Some files are not indexed, content field is empty

Hi,

I’ve migrated my private Seafile cloud to NC18.01 and have deployed NC for my sports club and company as well. All setups are running on Ubuntu Server 18.04 and I’m happy so far.

One thing I see on all servers with Elasticsearch: During indexing a number of files are not indexed correctly. Not a huge number and I can live with that, but it’ll be good to know any reasons why this happens.

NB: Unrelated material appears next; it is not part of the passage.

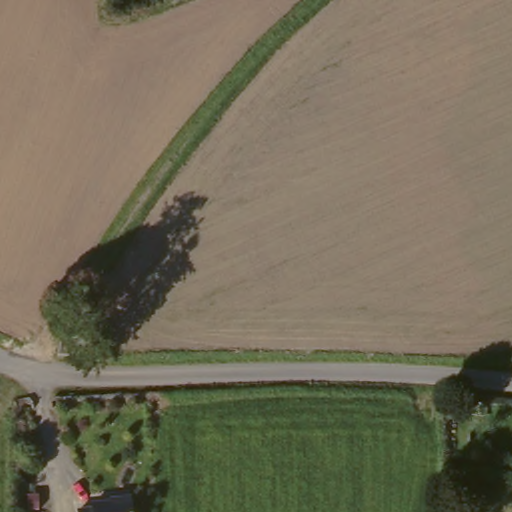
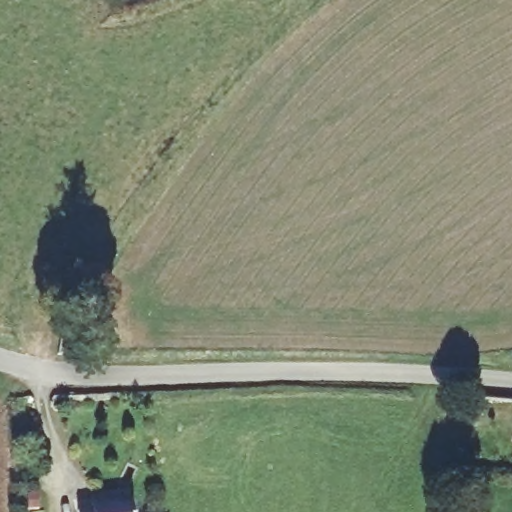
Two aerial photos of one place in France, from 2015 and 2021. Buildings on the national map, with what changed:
unchanged [(87,326),(86,343),(64,346),(64,328),(87,326)]
unchanged [(126,507),(126,512),(105,512),(105,507),(126,507)]

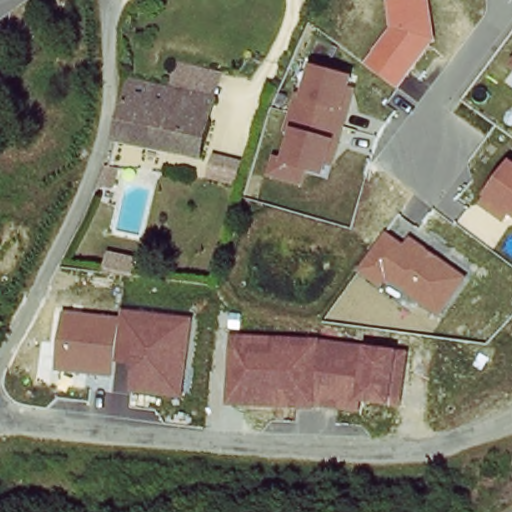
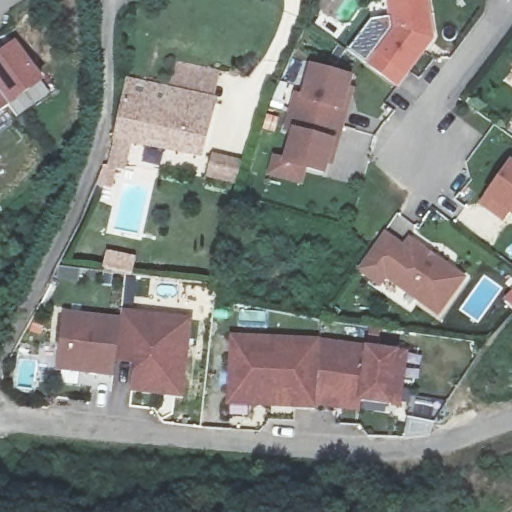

These documents do all give this error in the indexer:

[2020-02-19T05:10:30,832][DEBUG][o.e.a.b.TransportBulkAction] [EqJD9yI] failed to execute pipeline [attachment] for document [jaycloud/standard/files:108110]
org.elasticsearch.ElasticsearchException: java.lang.IllegalArgumentException: java.lang.IllegalArgumentException: field [content] not present as part of path [attachment.content]
	at org.elasticsearch.ingest.CompoundProcessor.newCompoundProcessorException(CompoundProcessor.java:195) ~[elasticsearch-6.8.6.jar:6.8.6]
	at org.elasticsearch.ingest.CompoundProcessor.execute(CompoundProcessor.java:134) ~[elasticsearch-6.8.6.jar:6.8.6]
	at org.elasticsearch.ingest.Pipeline.execute(Pipeline.java:100) ~[elasticsearch-6.8.6.jar:6.8.6]
	at org.elasticsearch.ingest.IngestService.innerExecute(IngestService.java:473) ~[elasticsearch-6.8.6.jar:6.8.6]
	at org.elasticsearch.ingest.IngestService.access$100(IngestService.java:68) ~[elasticsearch-6.8.6.jar:6.8.6]
	at org.elasticsearch.ingest.IngestService$4.doRun(IngestService.java:402) [elasticsearch-6.8.6.jar:6.8.6]
	at org.elasticsearch.common.util.concurrent.ThreadContext$ContextPreservingAbstractRunnable.doRun(ThreadContext.java:751) [elasticsearch-6.8.6.jar:6.8.6]
	at org.elasticsearch.common.util.concurrent.AbstractRunnable.run(AbstractRunnable.java:37) [elasticsearch-6.8.6.jar:6.8.6]
	at java.util.concurrent.ThreadPoolExecutor.runWorker(ThreadPoolExecutor.java:1149) [?:1.8.0_242]
	at java.util.concurrent.ThreadPoolExecutor$Worker.run(ThreadPoolExecutor.java:624) [?:1.8.0_242]
	at java.lang.Thread.run(Thread.java:748) [?:1.8.0_242]

When I have a look at the document index via occ command, the “content” field of these documents is always empty.

I’m right now re-indexing my private cloud as I’ve added some external storage dirs via davfs2, out of right now 92730 files 267 do have this issue.

Is there any reason why some documents do not work?